The worst offender, however, is Poland. It remains the only major country in the former Soviet bloc and now in Europe that has no law providing for restitution or compensation for private property stolen during the Holocaust. Poland was home to 3.3 million Jews before the war, of whom 90 per cent were destroyed, leaving behind their homes. On 13 occasions there has been Polish draft legislation, the most recent abandoned this year. Restitution had been made a condition of Polish entry to the EU, but was dropped at the last minute due to the country’s economic conditions. However, Poland is now one of the few European countries to have avoided the recession, and had a 4.3 per cent growth in GDP last year. This year Poland also abrogated the mechanism to facilitate the return of communal property seized by Nazi and communist decrees, before the work was finished.
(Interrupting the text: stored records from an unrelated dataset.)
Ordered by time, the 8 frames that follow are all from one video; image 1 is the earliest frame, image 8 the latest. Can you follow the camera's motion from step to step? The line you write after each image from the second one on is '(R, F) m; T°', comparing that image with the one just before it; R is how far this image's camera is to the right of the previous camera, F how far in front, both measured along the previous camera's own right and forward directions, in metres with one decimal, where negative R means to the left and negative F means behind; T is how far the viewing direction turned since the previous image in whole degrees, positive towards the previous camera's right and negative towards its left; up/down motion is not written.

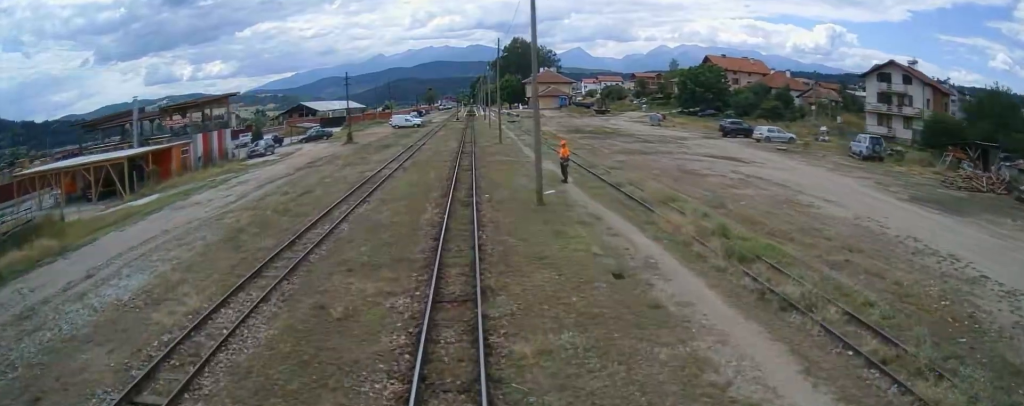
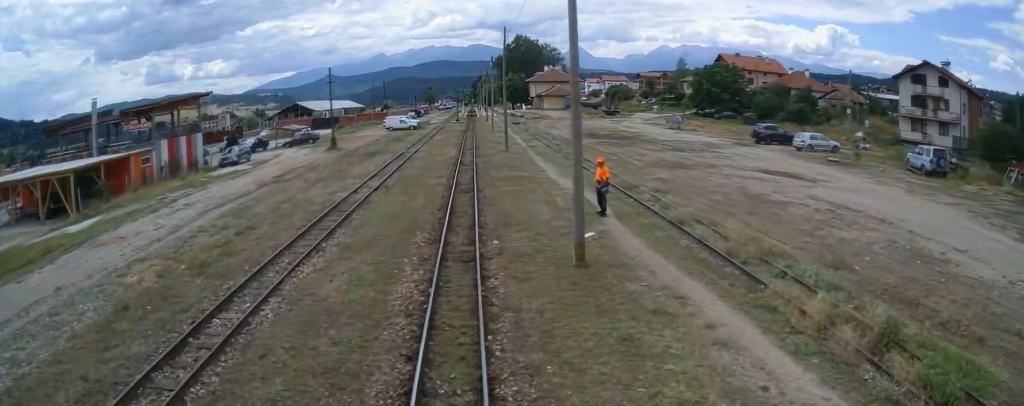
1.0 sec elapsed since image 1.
(0.0, +7.0) m; +1°
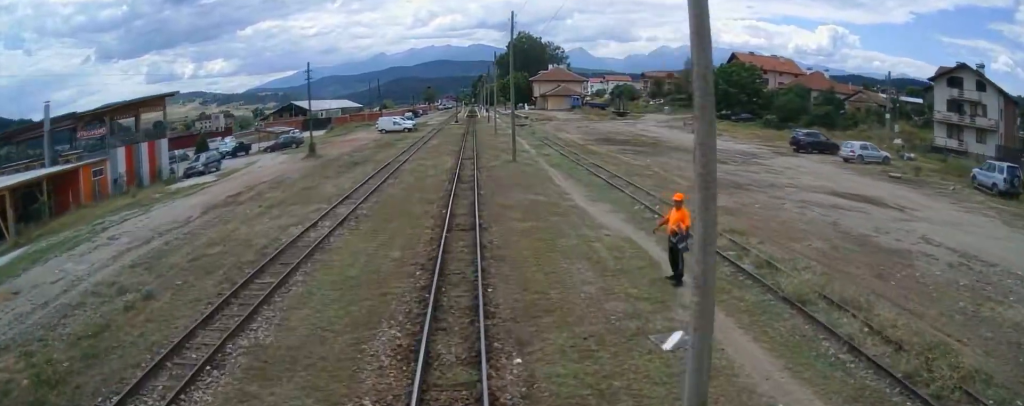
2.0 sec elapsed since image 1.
(+0.1, +6.7) m; 0°
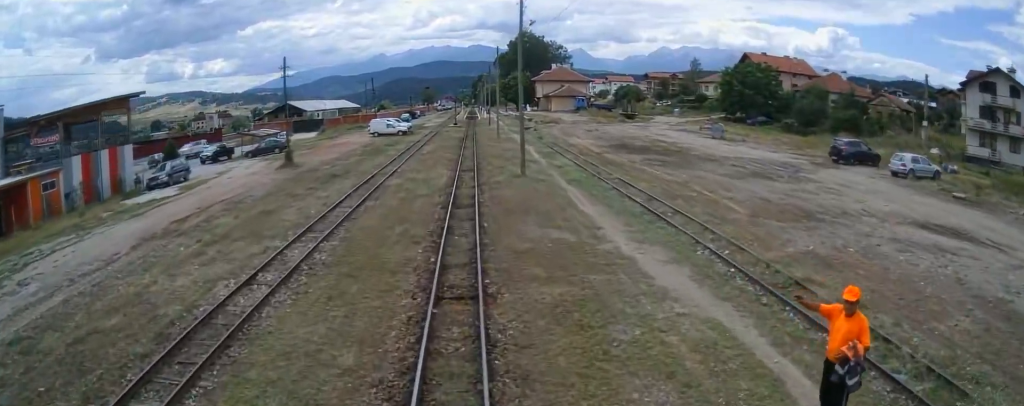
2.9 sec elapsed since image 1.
(-0.1, +5.6) m; -1°
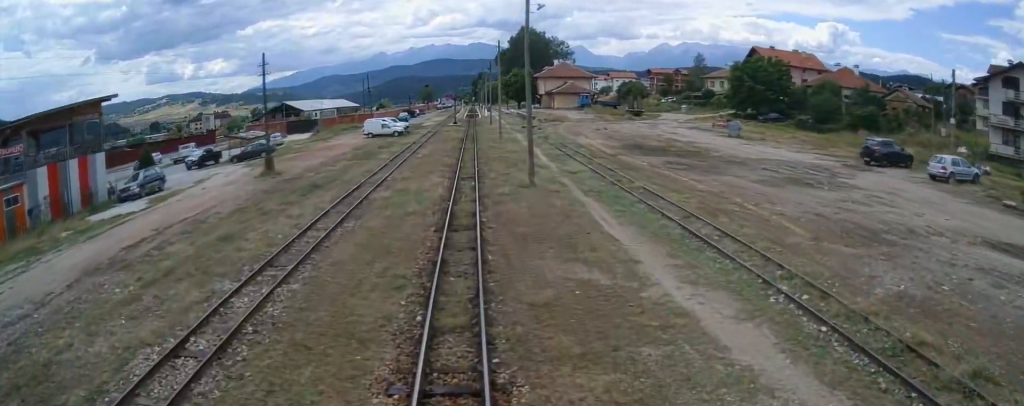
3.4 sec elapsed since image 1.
(0.0, +3.8) m; 0°
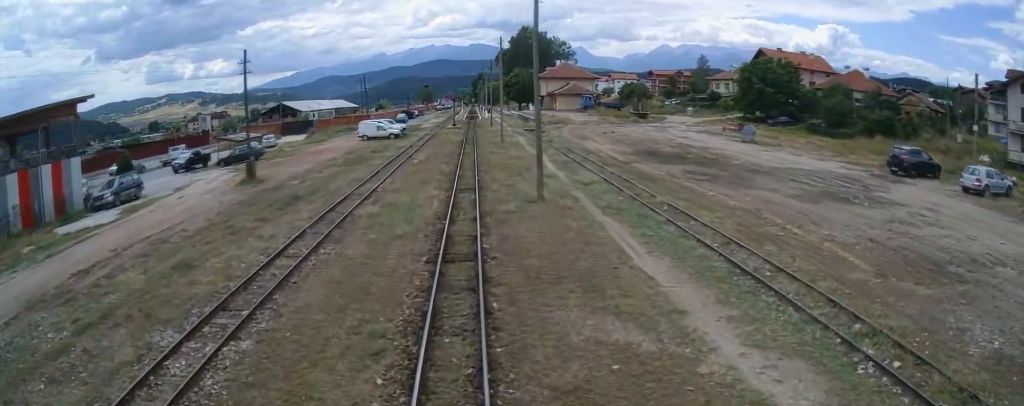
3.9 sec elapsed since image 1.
(0.0, +2.9) m; +1°
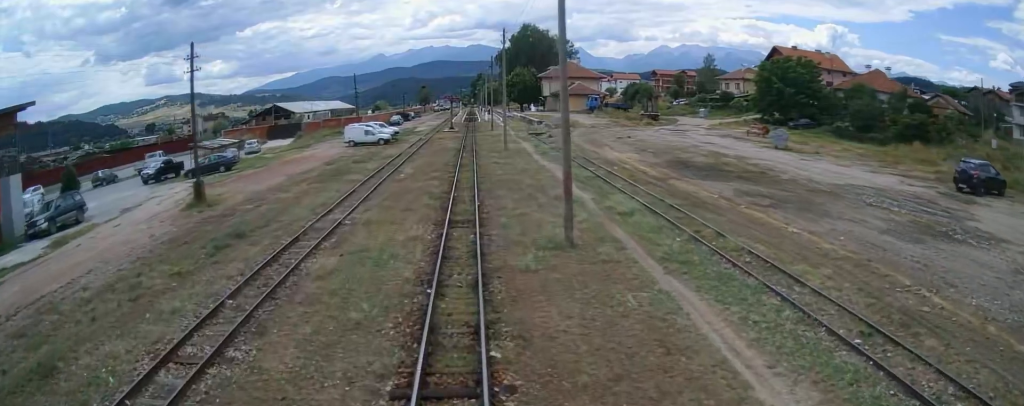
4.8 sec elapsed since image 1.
(+0.1, +6.1) m; +2°
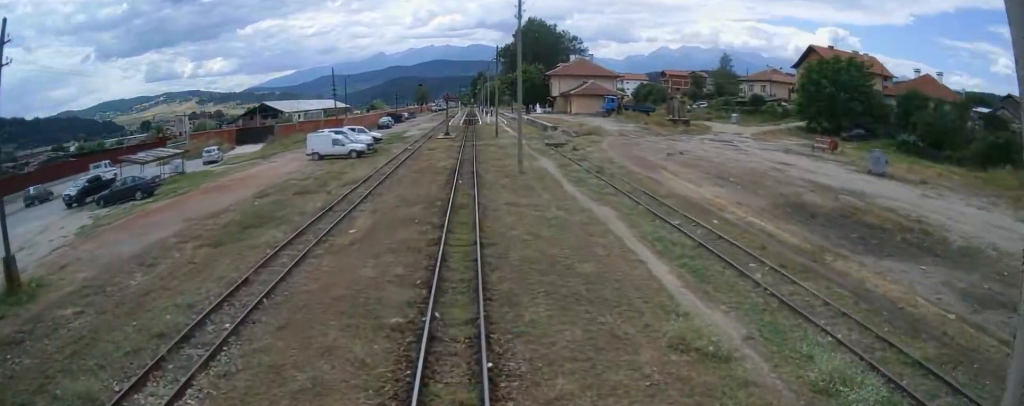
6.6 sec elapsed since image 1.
(+0.3, +11.9) m; +2°

We call on the UK Government to persuade Poland to participate in the 2012 conference on this topic, to disregard communist nationalisation of property seized by the Nazis, to assist in the creation and operation of a restitution mechanism, and to support the USA in its approaches to Poland.

The model restitution programme is that of Austria, which in 1938 forced Jewish property sales and forced Jews out of the professions. In 2001 Austria established a General Settlement Fund to resolve all remaining issues. The Austrian Government set up a three-person claims committee to receive claims, using relaxed standards of proof—for example, the 1938 property records, witness statements and birth certificates. The Austrians put $210 million into the fund, with extra for insurance claims. Claimants no longer had to take legal action at their own cost. The committee dealt with 20,000 claims relating to 240,000 individuals before closing its work. This model should be promoted by the UK Government for all outstanding eastern European issues. Archives need to be opened and an office has to help the elderly claimants with their research. I trust that this will be the UK’s programme when it attends the conference this year.

Sharansky said that the Holocaust was not only genocide but the greatest theft in history. Justice is in sight if the UK will use its good offices to ensure the implementation of the Terezin declaration.